Under garments are essential to achieve the correct silhouette for the Empire period. Although I've heard of various methods to achieve this look besides a corset (one of which is the bodiced petticoat), I wanted to have something that was appropriate, and I've been itching to try making a corset from this period!

Shift
The shift is the first garment that needs to be constructed. I didn't use a pattern, but instead based on other shifts I've made as well as studying the construction of period pieces gave me a basic 'pattern'. Click here to view the cutting diagram. Please note that this diagram is only as a basic cutting guide--it isn't to scale at all!

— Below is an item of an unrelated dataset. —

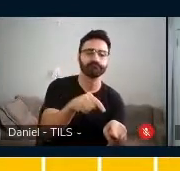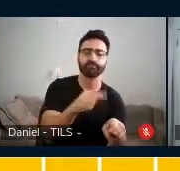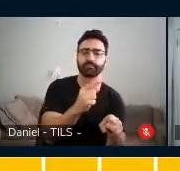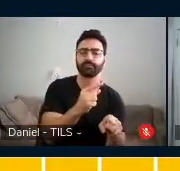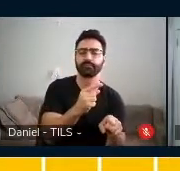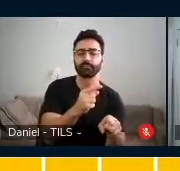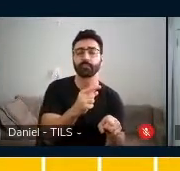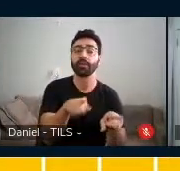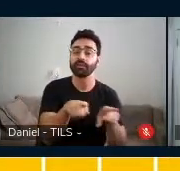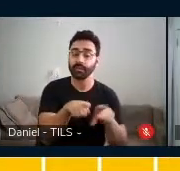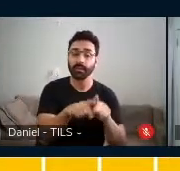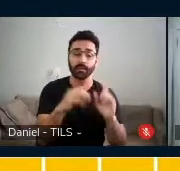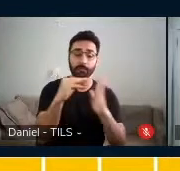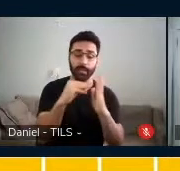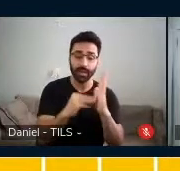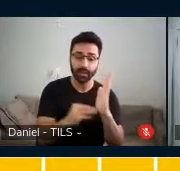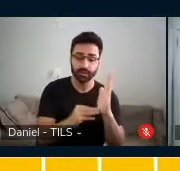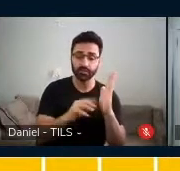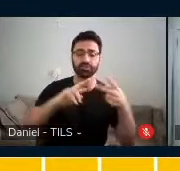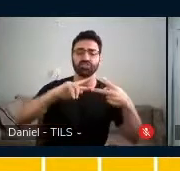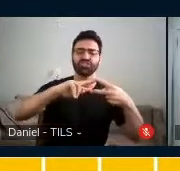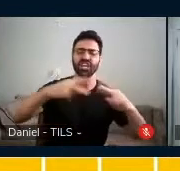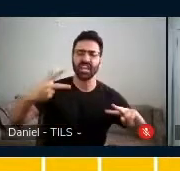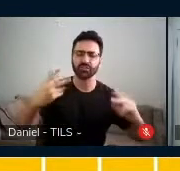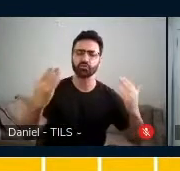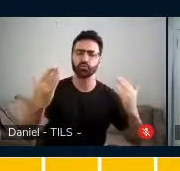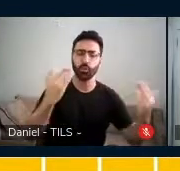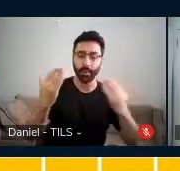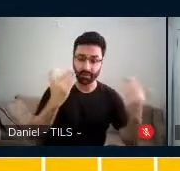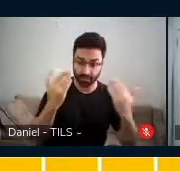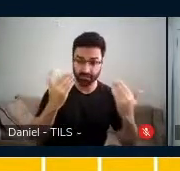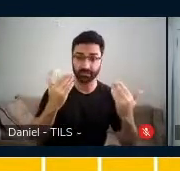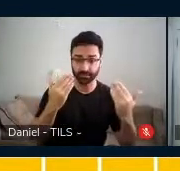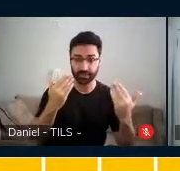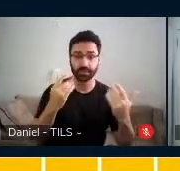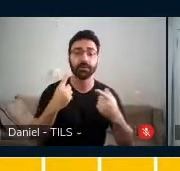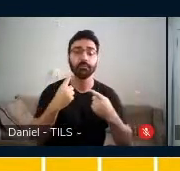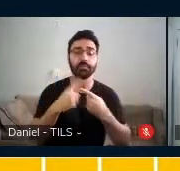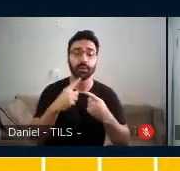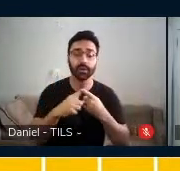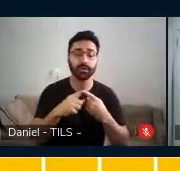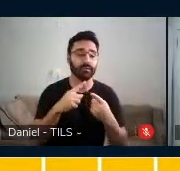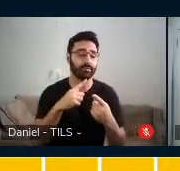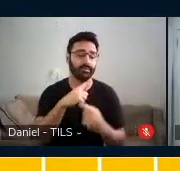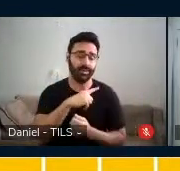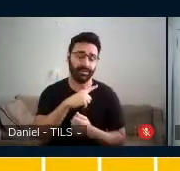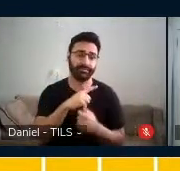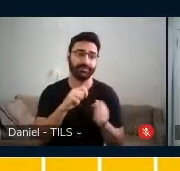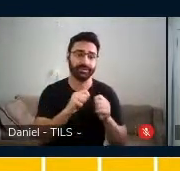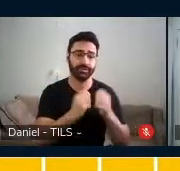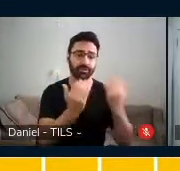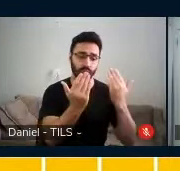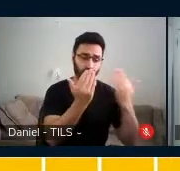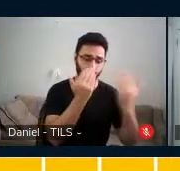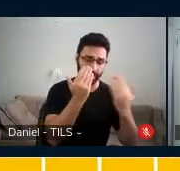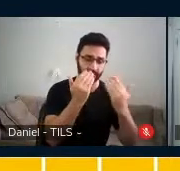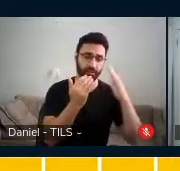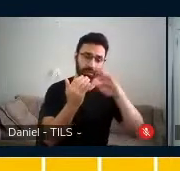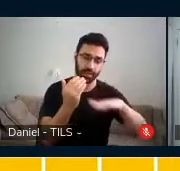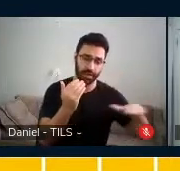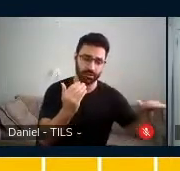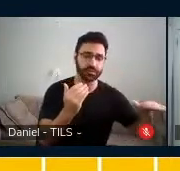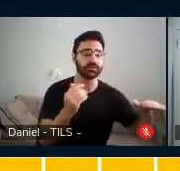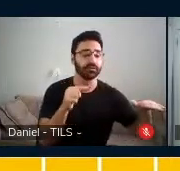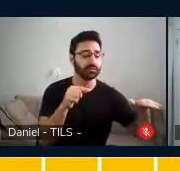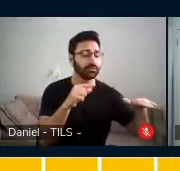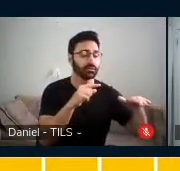também um método genético comparativo, por ter como premissa realizar comparações da criança em relação a

I used approximately 3 yards of 36" wide muslin (available at stores like JoAnn's). I measured from where I'd like the neckline to be to just past my knee to get the front and back measurement; though an easier method would be to measure from your shoulder to knee (adding enough for a hem) and deduct the length of the sleeve (my sleeves are 8") and therefore arrive at the correct length measurement. I measured over my shoulder to determine the shoulder strap length (having a friend help with this measurement is a plus!), and the gusset was just guesswork. Feel free to use my diagram as a guide to create your own shift, although please remember that this was made to fit a woman who is of average size.

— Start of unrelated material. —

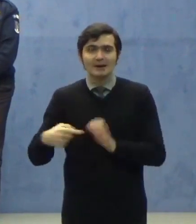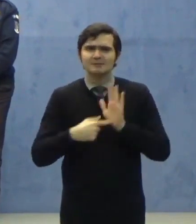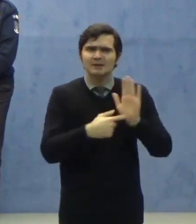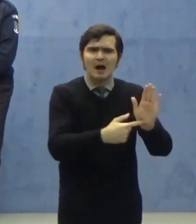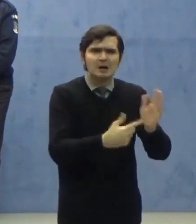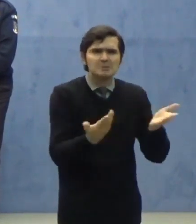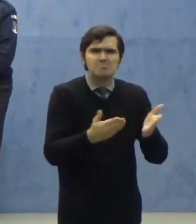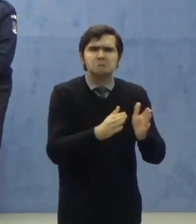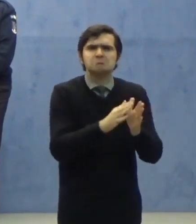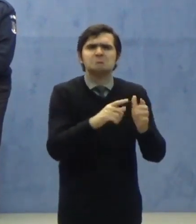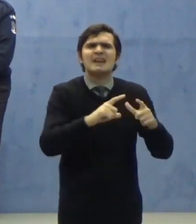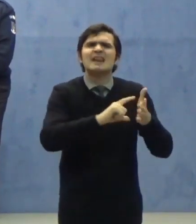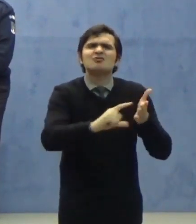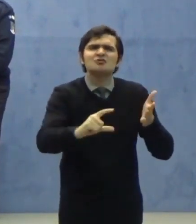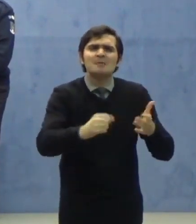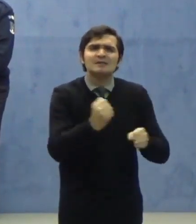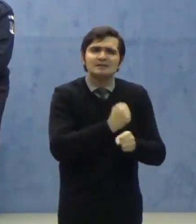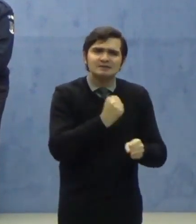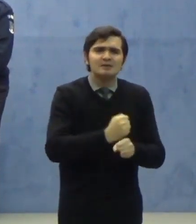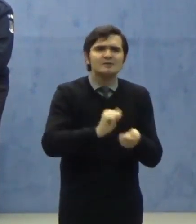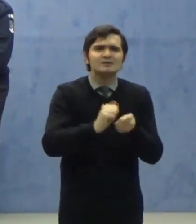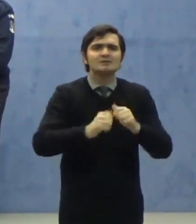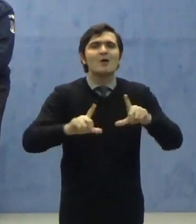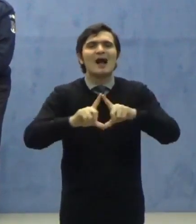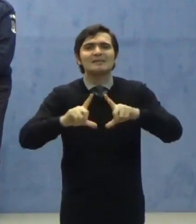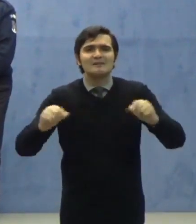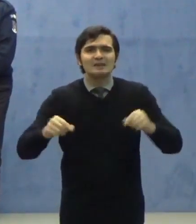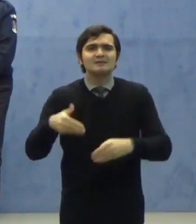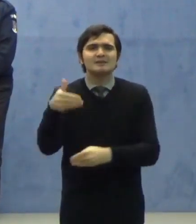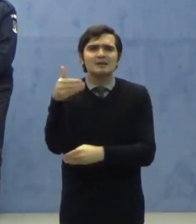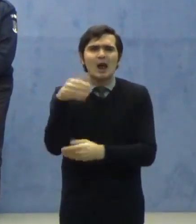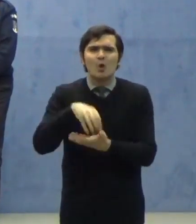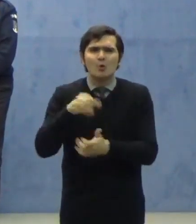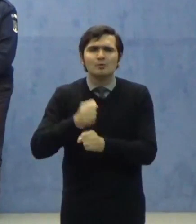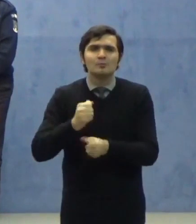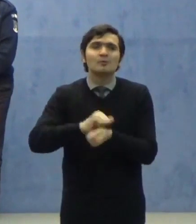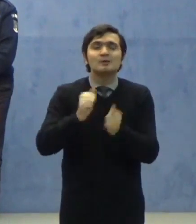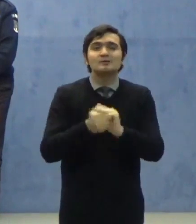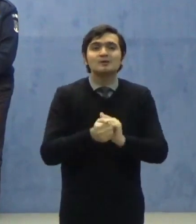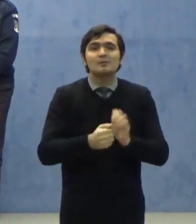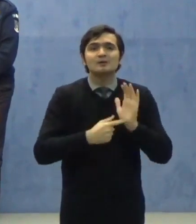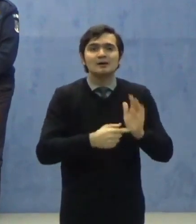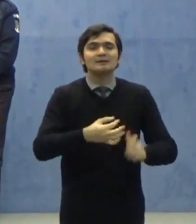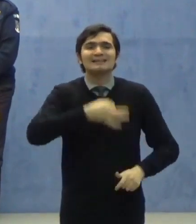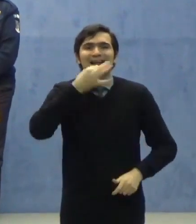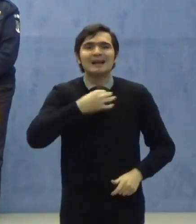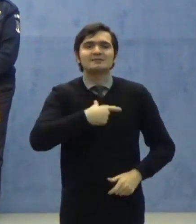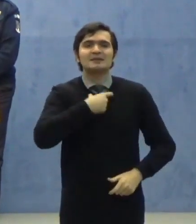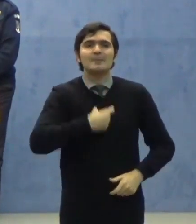serviciu, adeverință eliberată de angajator sau o declarație pe proprie răspundere.

The first thing I did in the construction process was to turn the upper edges of the shift body under twice (once ¼" and then another ¼") and iron it well. I then created two eyelets about ½" apart in the center of the turned-under portion on each chemise. I made sure that the eyelets were only worked on the turned-under part of the upper edge, and did not go through to the outside of the shift (clear as mud, huh? ). I used an awl to poke a hole in the muslin and outline the hole with a thread line. I then just overcast the hole (no buttonhole stitch needed since I didn't cut the threads of the fabric). See the diagram below for an illustrated guide to making eyelets. Both eyelets were very small, probably between 1/8" and ¼" in diameter. After I worked the eyelets on both shift bodies, I laid a length of cord on either side of the eyelet and fed the ends out the eyelets, being sure to leave a small tail out the side that would be sewn to the sleeves (this way it will be caught and secured when I stitch over it later on). I then stitched down the turned-under edge by hand using a running stitch.

10 | 24 | 03
Construction of the shift is almost done-I just need to hem the bottom edge and the sleeves at this point. After I posted the last entry for the shift, construction went pretty smoothly, barring a few things (which I'll discuss further down). To put the shift together, I first sewed the side gores to either side of the front and back pieces, attaching the widest part of the gore to the bottom edge of the shift. After I sewed those on (all four), I attached the shoulder strips to the top edge of the chemise. Now, before you do this, backtack, backtack, backtack over those drawstring ends! I learned the hard way that those things like to pull out faster than you can say 'Empire shift drawstrings'! I'd also advise tying the ends of the drawstrings that will be caught up in the sleeve seam to the seam allowance; just a little extra insurance to make sure they don't pull out. But, if they do, I found a tapestry needle was perfect for re-stringing the cording through the neckline casings.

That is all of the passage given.